Kei Onishi, CEO of Yamaha Motor Ventures, is one of the 100 leading corporate venturing professionals in our 2024 Powerlist.

Yamaha Motor Ventures may not have had the most outwardly active 12 months but the investment unit continued an ongoing evolution, launching a $100m third fund and adding seven new startups to its portfolio under managing director and chief executive Kei Onishi. 

“2023 was a year of learning, adaptation and growth,” says Onishi. “We’ve remained agile, to capture the great opportunities in this evolving tech landscape. 

The unit announced its second Exploratory Fund in 2023, bringing its overall assets under management to $300m. The first fund launched in 2018 and since then, Yamaha Motor Ventures added fintech, big data and artificial intelligence to its investment areas. And the launch of its latest fund also turned out to be fortuitous.  

“We announced that fund on the Monday right after the Silicon Valley Bank crisis, and it was actually great timing for us,” Onishi says. “It sent a message to the market that we have a strong commitment to keep supporting the innovators in the startup ecosystem.”  

Onishi joined Yamaha Motor Ventures at the start of 2022 having already spent 12 years with the corporate, initially as an engineer, before moving to new business development. He was promoted to manage its digital strategy division in 2019, a position that entailed leading digital marketing and data analytics teams. The experience has helped him undertake an evolution in how the unit targets portfolio companies. 

“We were looking at five or ten-year horizons in the past but we are currently looking at three to five years, in some cases shorter than that”

“I took this role two years ago, and since then we’ve started making slight adjustments in how we interact with the parent company as well with the startup ecosystem,” Onishi says. “The biggest change we made is that we started looking at the companies that can bring immediate impact to existing business units. 

“We were looking at five or ten-year horizons in the past but we are currently looking at three to five years, in some cases shorter than that. We started making investments and introducing the business units to startups in adjacent areas to our core businesses.” 

Those introductions mean Yamaha Motor Ventures would be hitting key performance indicators even without investing. Onishi says it introduced 80 startups to the corporate’s business units last year, of which 10 ended up signing commercial agreements. 

The second Exploratory Fund was announced just eight months after the unit’s $100m Sustainability Fund, which in turn has led to it exploring new areas like the circular economy and net-zero metals production.  

But Onishi is perhaps most excited about the potential of AI, particularly in manufacturing.  One recent investment he cites is the $17m seed round for a portfolio company called Atomic Industries, which uses AI to cut the design time of a complex manufacturing mold from two weeks with an experienced engineer to just a one day. 

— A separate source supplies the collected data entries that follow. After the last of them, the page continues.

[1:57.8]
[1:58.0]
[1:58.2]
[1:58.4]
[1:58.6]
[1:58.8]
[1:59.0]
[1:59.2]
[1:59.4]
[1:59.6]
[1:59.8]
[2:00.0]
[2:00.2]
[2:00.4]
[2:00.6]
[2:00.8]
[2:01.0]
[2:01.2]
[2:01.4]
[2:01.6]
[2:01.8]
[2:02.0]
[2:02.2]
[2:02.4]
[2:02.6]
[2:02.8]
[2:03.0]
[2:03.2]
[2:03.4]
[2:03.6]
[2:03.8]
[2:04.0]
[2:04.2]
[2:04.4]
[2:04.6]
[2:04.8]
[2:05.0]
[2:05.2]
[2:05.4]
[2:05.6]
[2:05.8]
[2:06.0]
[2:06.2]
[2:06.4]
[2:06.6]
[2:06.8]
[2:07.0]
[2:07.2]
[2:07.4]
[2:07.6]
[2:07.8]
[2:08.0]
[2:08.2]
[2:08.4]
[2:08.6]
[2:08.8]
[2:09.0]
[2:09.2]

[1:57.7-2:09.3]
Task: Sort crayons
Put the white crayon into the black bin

The next step for Yamaha Motor Ventures, he says, would potentially be to structure a way of accelerating the adaptation of innovative technologies provided by startups. Although it has firm relationships with the company’s business units, even helping with due diligence for their own strategic investments, startups in general could still do with help finding early adopters for their products. 

“On the investment side, we want to keep sourcing interesting startups in the AI space, robotics, the sustainability space and alternative fuels,” Onishi says. “At the same time, the biggest value a corporate can offer in a difficult time for startups is introducing customers, and also being a customer.  

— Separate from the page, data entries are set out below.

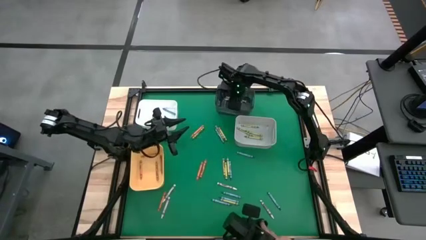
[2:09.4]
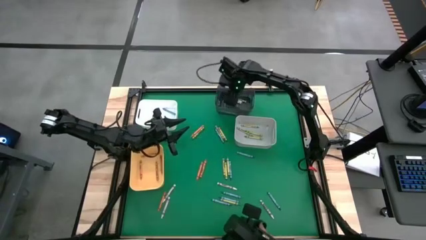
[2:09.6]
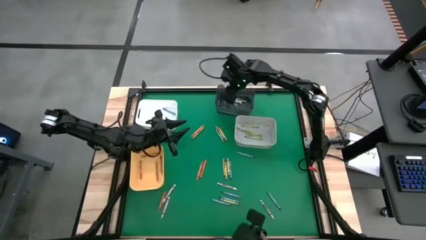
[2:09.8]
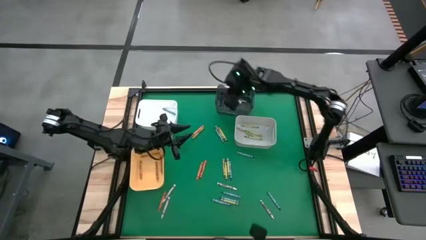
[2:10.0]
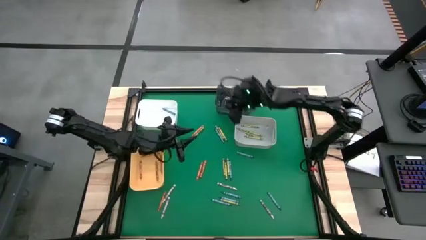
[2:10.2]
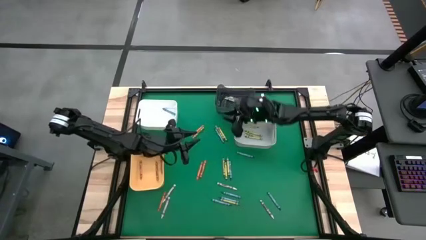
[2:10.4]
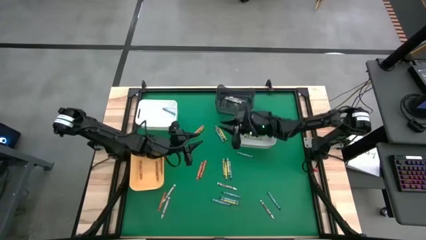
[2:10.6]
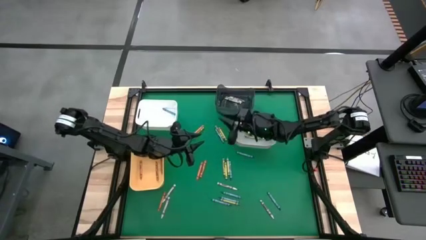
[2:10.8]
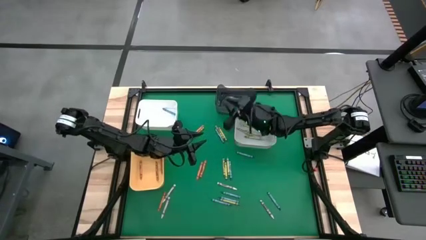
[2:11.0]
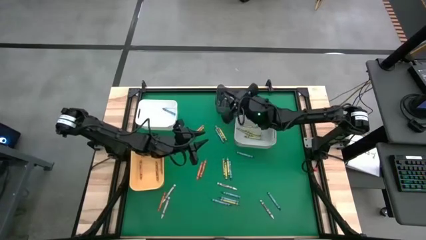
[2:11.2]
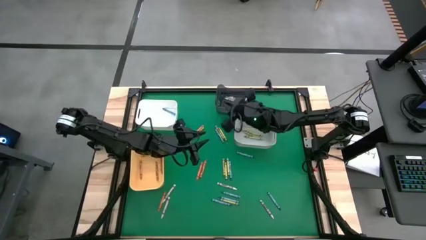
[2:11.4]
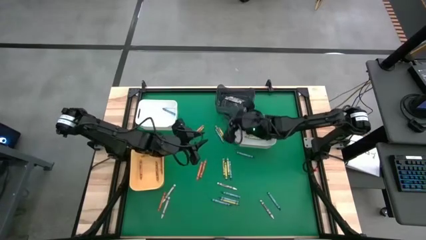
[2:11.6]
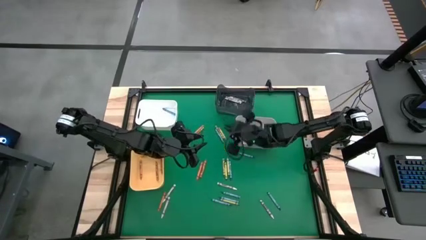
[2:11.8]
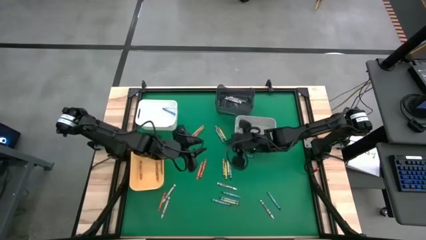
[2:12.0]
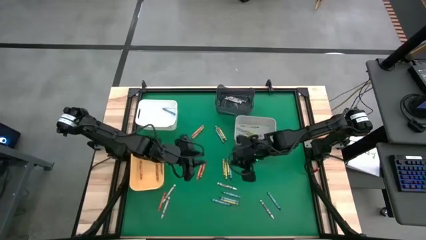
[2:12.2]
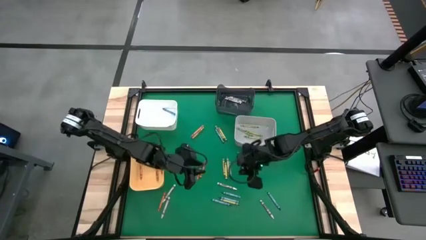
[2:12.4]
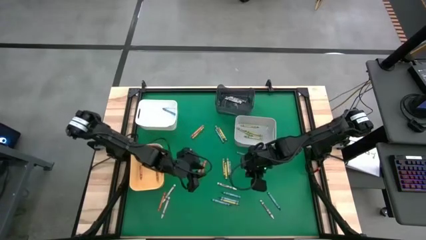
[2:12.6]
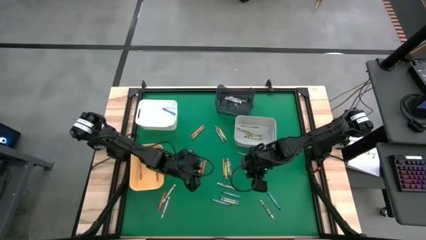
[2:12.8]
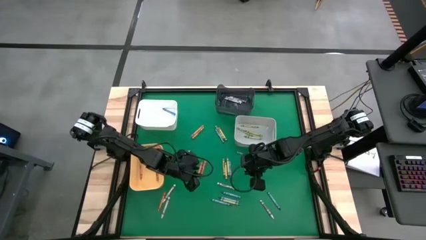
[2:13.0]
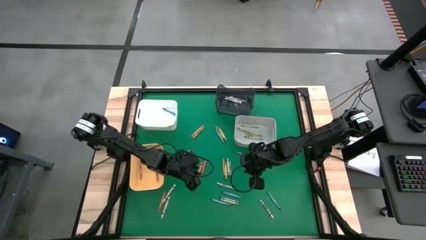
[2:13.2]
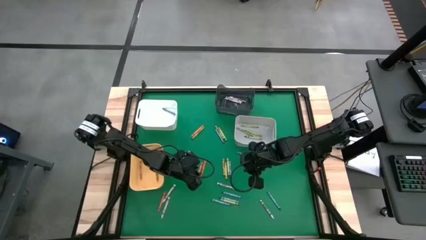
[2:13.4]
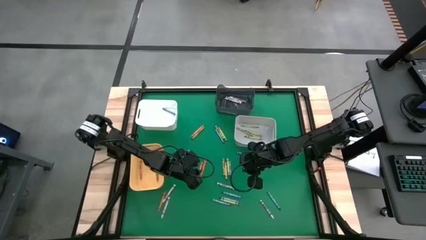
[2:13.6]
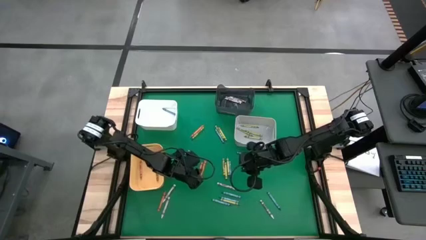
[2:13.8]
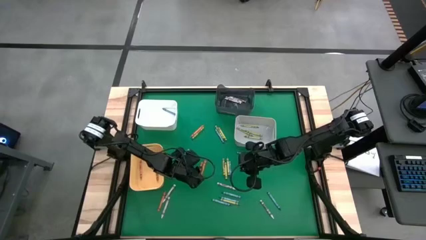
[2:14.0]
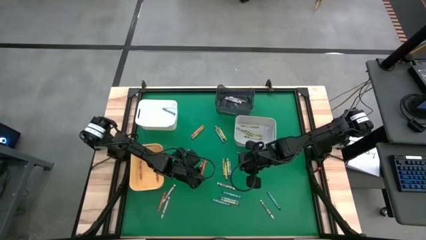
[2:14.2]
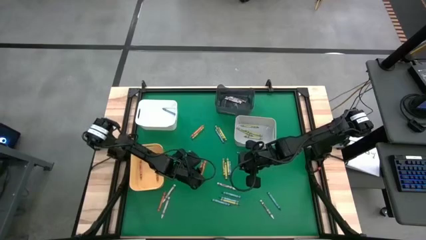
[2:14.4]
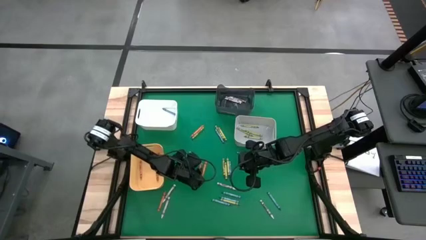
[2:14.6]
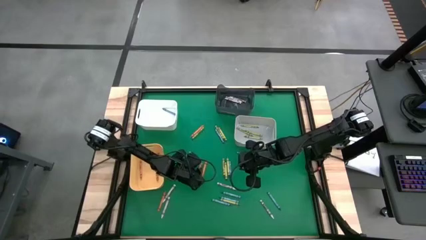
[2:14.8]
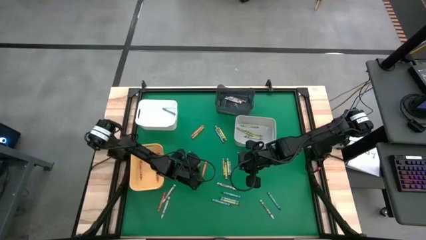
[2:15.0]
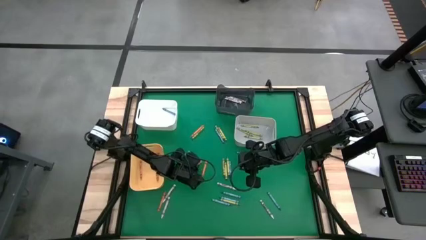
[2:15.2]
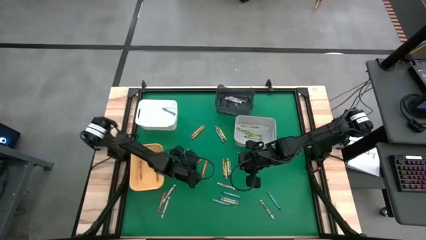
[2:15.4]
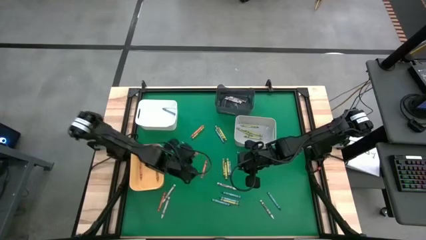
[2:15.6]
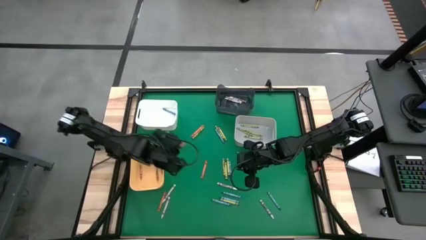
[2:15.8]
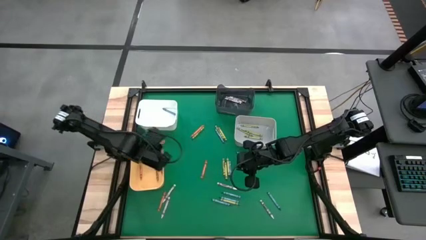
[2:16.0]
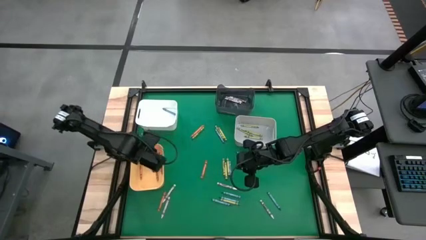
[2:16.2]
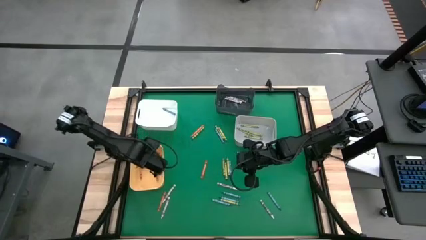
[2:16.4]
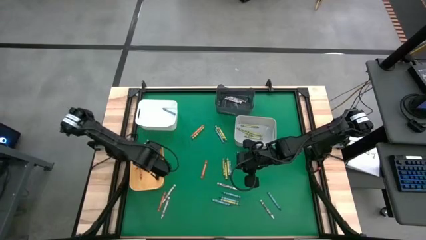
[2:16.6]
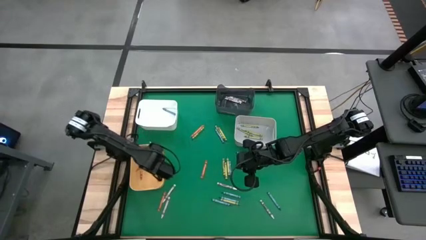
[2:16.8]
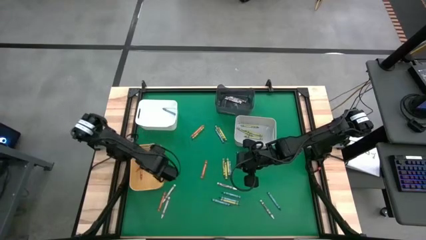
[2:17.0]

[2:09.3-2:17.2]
Put the orange crayon into the orange bin

“So, we want to create some mechanism that accelerates that, to not only support our portfolio companies but the other startups working on problems Yamaha wants to solve. We can especially see the challenges for the startups in our core businesses: mobility, robotics, fintech and the financial services business. Startups in those categories are all struggling, so we want to keep supporting the companies in those sectors in many ways.” 


Powerlist cover

The Global Corporate Venturing Powerlist represents the 100
individuals spearheading the future of the corporate venturing industry.

These individuals excel in terms of their venturing approach and structure, number and quality of portfolio companies and in their contributions to the corporate venturing profession.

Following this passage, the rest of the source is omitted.